Every record that follows needs to be written out again, exactly.

══ DATA ══

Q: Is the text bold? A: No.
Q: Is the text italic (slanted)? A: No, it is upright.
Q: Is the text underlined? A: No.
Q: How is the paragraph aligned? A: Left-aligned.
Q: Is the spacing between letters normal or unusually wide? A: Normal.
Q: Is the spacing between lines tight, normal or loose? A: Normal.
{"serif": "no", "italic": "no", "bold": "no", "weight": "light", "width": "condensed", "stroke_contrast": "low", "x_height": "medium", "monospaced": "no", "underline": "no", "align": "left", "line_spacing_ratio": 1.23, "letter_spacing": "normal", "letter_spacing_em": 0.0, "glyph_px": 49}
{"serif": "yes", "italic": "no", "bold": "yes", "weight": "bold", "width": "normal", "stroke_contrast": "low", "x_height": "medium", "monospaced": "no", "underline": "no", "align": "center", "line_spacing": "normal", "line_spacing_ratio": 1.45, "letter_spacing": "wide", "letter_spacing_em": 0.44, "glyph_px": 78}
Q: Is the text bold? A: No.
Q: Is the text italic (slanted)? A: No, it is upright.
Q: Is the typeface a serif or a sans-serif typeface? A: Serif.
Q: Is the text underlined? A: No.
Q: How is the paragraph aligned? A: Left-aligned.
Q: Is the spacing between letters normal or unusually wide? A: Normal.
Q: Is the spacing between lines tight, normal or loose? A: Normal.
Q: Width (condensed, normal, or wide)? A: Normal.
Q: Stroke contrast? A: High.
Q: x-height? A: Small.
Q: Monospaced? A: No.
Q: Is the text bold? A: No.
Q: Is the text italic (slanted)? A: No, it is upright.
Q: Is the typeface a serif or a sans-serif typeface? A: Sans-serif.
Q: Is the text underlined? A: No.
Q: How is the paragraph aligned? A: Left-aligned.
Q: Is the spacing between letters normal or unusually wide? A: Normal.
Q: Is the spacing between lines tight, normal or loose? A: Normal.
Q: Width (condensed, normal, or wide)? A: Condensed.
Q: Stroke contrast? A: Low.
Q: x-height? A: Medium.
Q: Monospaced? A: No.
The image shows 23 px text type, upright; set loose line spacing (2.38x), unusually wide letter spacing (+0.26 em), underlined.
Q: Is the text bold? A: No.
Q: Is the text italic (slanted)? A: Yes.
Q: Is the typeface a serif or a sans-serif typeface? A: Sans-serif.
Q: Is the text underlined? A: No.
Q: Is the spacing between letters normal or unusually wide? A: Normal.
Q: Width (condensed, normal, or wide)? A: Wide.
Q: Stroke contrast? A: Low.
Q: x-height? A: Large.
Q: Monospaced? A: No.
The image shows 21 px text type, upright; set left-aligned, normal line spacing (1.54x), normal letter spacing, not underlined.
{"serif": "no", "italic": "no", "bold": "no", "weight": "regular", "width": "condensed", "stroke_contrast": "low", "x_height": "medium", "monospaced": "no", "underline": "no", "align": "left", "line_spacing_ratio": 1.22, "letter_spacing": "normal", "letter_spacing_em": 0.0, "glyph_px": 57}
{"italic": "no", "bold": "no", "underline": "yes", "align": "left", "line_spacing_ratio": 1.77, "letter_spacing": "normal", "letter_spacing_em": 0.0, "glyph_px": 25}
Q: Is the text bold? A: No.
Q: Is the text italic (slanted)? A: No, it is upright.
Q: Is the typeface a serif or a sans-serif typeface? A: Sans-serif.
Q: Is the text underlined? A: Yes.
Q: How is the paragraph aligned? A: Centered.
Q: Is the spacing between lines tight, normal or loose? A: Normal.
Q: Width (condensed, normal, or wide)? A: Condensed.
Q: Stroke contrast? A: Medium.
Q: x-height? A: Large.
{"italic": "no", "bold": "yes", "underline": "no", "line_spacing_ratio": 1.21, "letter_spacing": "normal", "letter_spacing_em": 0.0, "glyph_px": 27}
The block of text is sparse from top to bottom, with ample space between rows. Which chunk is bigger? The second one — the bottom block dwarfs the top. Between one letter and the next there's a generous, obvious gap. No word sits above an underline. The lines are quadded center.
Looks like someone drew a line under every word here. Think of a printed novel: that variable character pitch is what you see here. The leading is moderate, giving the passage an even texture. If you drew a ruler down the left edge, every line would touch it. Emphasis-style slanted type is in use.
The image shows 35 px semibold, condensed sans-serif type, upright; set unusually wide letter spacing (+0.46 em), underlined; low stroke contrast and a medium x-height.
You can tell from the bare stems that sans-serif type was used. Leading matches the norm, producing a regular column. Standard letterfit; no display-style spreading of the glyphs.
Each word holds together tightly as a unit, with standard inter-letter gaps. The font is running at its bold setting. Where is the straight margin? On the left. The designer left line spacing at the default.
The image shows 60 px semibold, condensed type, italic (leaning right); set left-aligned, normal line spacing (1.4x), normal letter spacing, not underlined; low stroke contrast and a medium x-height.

═══

[ANSWER BOX]
Q: Is the text bold? A: No.
Q: Is the text italic (slanted)? A: No, it is upright.
Q: Is the text underlined? A: No.
Q: How is the paragraph aligned? A: Left-aligned.
Q: Is the spacing between letters normal or unusually wide? A: Normal.
Q: Is the spacing between lines tight, normal or loose? A: Normal.
{"serif": "no", "italic": "no", "bold": "no", "weight": "light", "width": "condensed", "stroke_contrast": "low", "x_height": "medium", "monospaced": "no", "underline": "no", "align": "left", "line_spacing_ratio": 1.23, "letter_spacing": "normal", "letter_spacing_em": 0.0, "glyph_px": 49}
{"serif": "yes", "italic": "no", "bold": "yes", "weight": "bold", "width": "normal", "stroke_contrast": "low", "x_height": "medium", "monospaced": "no", "underline": "no", "align": "center", "line_spacing": "normal", "line_spacing_ratio": 1.45, "letter_spacing": "wide", "letter_spacing_em": 0.44, "glyph_px": 78}
Q: Is the text bold? A: No.
Q: Is the text italic (slanted)? A: No, it is upright.
Q: Is the typeface a serif or a sans-serif typeface? A: Serif.
Q: Is the text underlined? A: No.
Q: How is the paragraph aligned? A: Left-aligned.
Q: Is the spacing between letters normal or unusually wide? A: Normal.
Q: Is the spacing between lines tight, normal or loose? A: Normal.
Q: Width (condensed, normal, or wide)? A: Normal.
Q: Stroke contrast? A: High.
Q: x-height? A: Small.
Q: Monospaced? A: No.
Q: Is the text bold? A: No.
Q: Is the text italic (slanted)? A: No, it is upright.
Q: Is the typeface a serif or a sans-serif typeface? A: Sans-serif.
Q: Is the text underlined? A: No.
Q: How is the paragraph aligned? A: Left-aligned.
Q: Is the spacing between letters normal or unusually wide? A: Normal.
Q: Is the spacing between lines tight, normal or loose? A: Normal.
Q: Width (condensed, normal, or wide)? A: Condensed.
Q: Stroke contrast? A: Low.
Q: x-height? A: Medium.
Q: Monospaced? A: No.
The image shows 23 px text type, upright; set loose line spacing (2.38x), unusually wide letter spacing (+0.26 em), underlined.
Q: Is the text bold? A: No.
Q: Is the text italic (slanted)? A: Yes.
Q: Is the typeface a serif or a sans-serif typeface? A: Sans-serif.
Q: Is the text underlined? A: No.
Q: Is the spacing between letters normal or unusually wide? A: Normal.
Q: Width (condensed, normal, or wide)? A: Wide.
Q: Stroke contrast? A: Low.
Q: x-height? A: Large.
Q: Monospaced? A: No.
The image shows 21 px text type, upright; set left-aligned, normal line spacing (1.54x), normal letter spacing, not underlined.
{"serif": "no", "italic": "no", "bold": "no", "weight": "regular", "width": "condensed", "stroke_contrast": "low", "x_height": "medium", "monospaced": "no", "underline": "no", "align": "left", "line_spacing_ratio": 1.22, "letter_spacing": "normal", "letter_spacing_em": 0.0, "glyph_px": 57}
{"italic": "no", "bold": "no", "underline": "yes", "align": "left", "line_spacing_ratio": 1.77, "letter_spacing": "normal", "letter_spacing_em": 0.0, "glyph_px": 25}
Q: Is the text bold? A: No.
Q: Is the text italic (slanted)? A: No, it is upright.
Q: Is the typeface a serif or a sans-serif typeface? A: Sans-serif.
Q: Is the text underlined? A: Yes.
Q: How is the paragraph aligned? A: Centered.
Q: Is the spacing between lines tight, normal or loose? A: Normal.
Q: Width (condensed, normal, or wide)? A: Condensed.
Q: Stroke contrast? A: Medium.
Q: x-height? A: Large.
{"italic": "no", "bold": "yes", "underline": "no", "line_spacing_ratio": 1.21, "letter_spacing": "normal", "letter_spacing_em": 0.0, "glyph_px": 27}
The block of text is sparse from top to bottom, with ample space between rows. Which chunk is bigger? The second one — the bottom block dwarfs the top. Between one letter and the next there's a generous, obvious gap. No word sits above an underline. The lines are quadded center.
Looks like someone drew a line under every word here. Think of a printed novel: that variable character pitch is what you see here. The leading is moderate, giving the passage an even texture. If you drew a ruler down the left edge, every line would touch it. Emphasis-style slanted type is in use.
The image shows 35 px semibold, condensed sans-serif type, upright; set unusually wide letter spacing (+0.46 em), underlined; low stroke contrast and a medium x-height.
You can tell from the bare stems that sans-serif type was used. Leading matches the norm, producing a regular column. Standard letterfit; no display-style spreading of the glyphs.
Each word holds together tightly as a unit, with standard inter-letter gaps. The font is running at its bold setting. Where is the straight margin? On the left. The designer left line spacing at the default.
The image shows 60 px semibold, condensed type, italic (leaning right); set left-aligned, normal line spacing (1.4x), normal letter spacing, not underlined; low stroke contrast and a medium x-height.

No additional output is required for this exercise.